- [Exercise details]: In your copy, reproduce each entry exactly and leave out the pictures.

■ ■ ■ ■

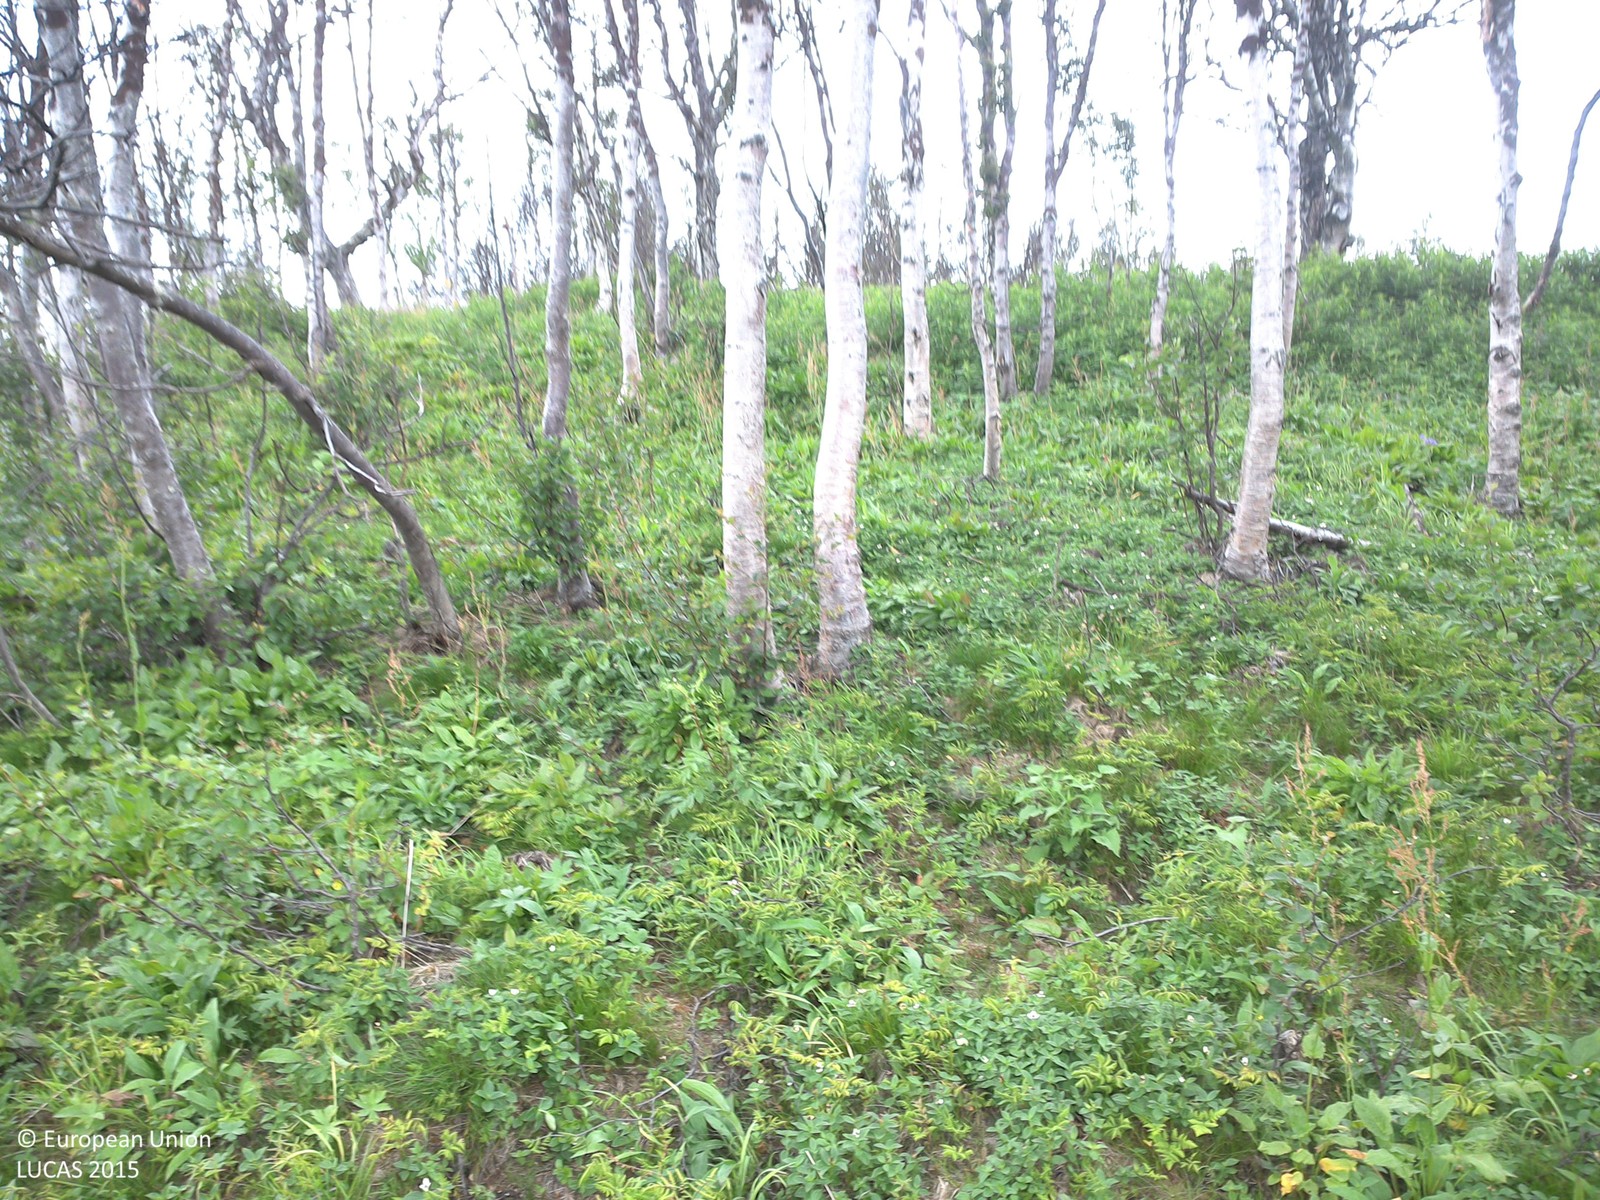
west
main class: Woodland
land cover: Broadleaved woodland
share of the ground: 25 - 50 %
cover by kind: herbaceous plants 75 %, broadleaved forest trees 25 %
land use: Amenities, museums, leisure
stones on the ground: < 10 %
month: August
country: SE
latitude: 68.4069
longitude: 18.6729
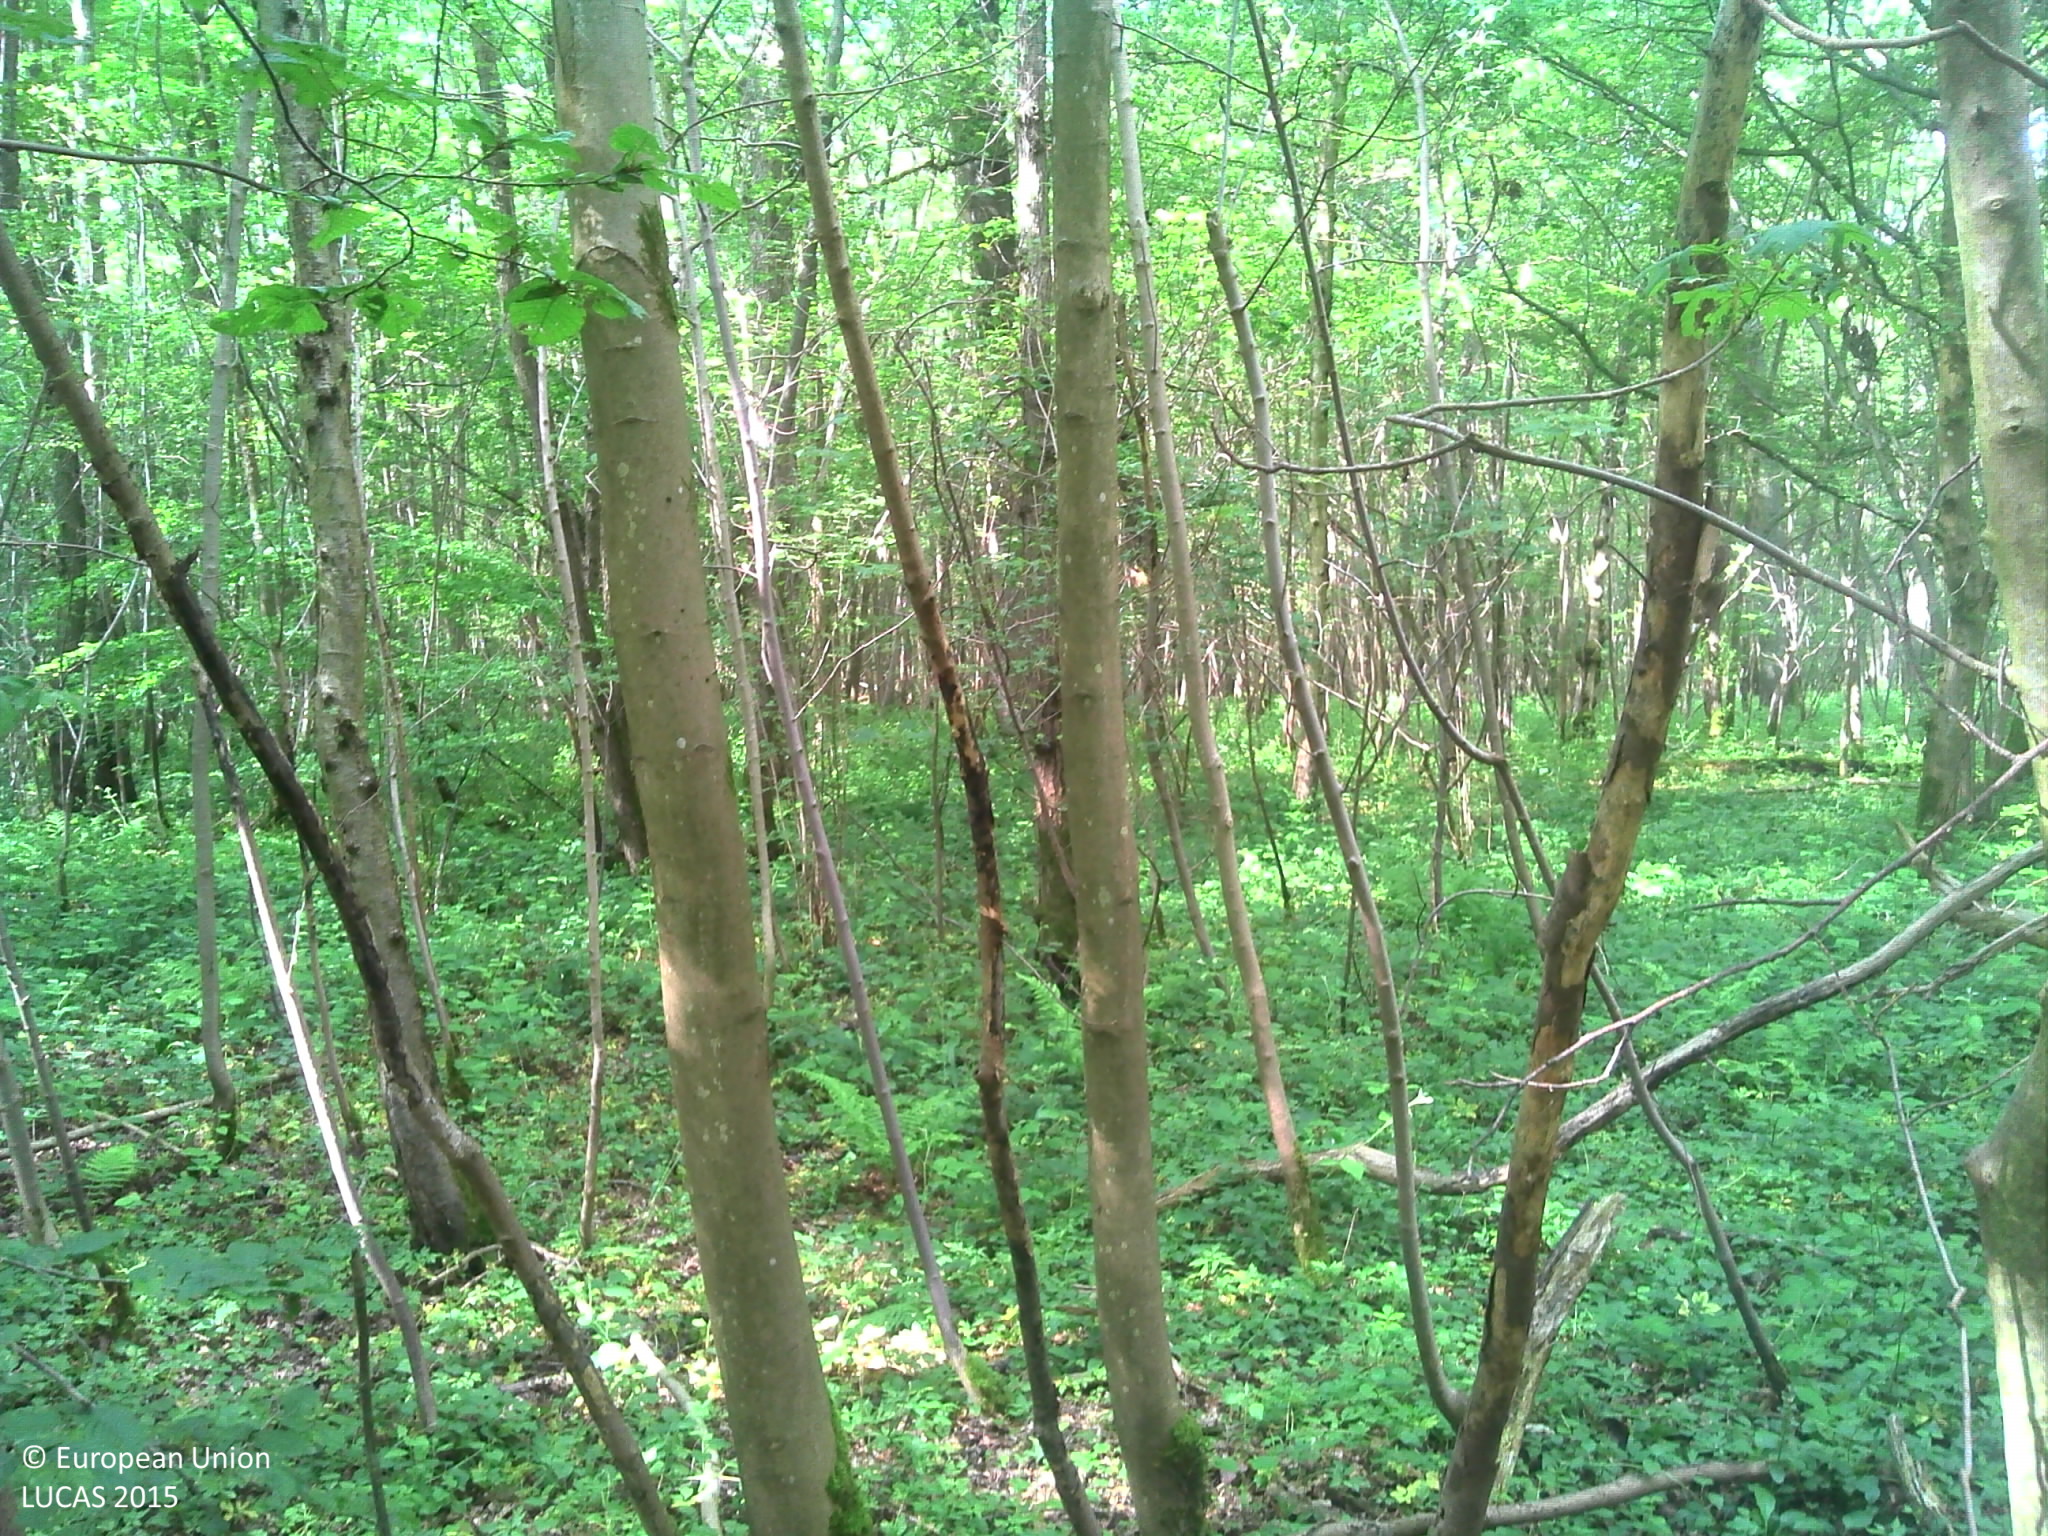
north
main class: Woodland
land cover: Broadleaved woodland
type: mesophytic deciduous forest
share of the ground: > 75 %
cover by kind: broadleaved forest trees 85 %, herbaceous plants 15 %
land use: Forestry
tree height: > 5 m
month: June
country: FR
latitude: 49.6769
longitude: 3.2426

■ ■ ■ ■

- [Worked solution]:
west
main class: Woodland
land cover: Broadleaved woodland
share of the ground: 25 - 50 %
cover by kind: herbaceous plants 75 %, broadleaved forest trees 25 %
land use: Amenities, museums, leisure
stones on the ground: < 10 %
month: August
country: SE
latitude: 68.4069
longitude: 18.6729
north
main class: Woodland
land cover: Broadleaved woodland
type: mesophytic deciduous forest
share of the ground: > 75 %
cover by kind: broadleaved forest trees 85 %, herbaceous plants 15 %
land use: Forestry
tree height: > 5 m
month: June
country: FR
latitude: 49.6769
longitude: 3.2426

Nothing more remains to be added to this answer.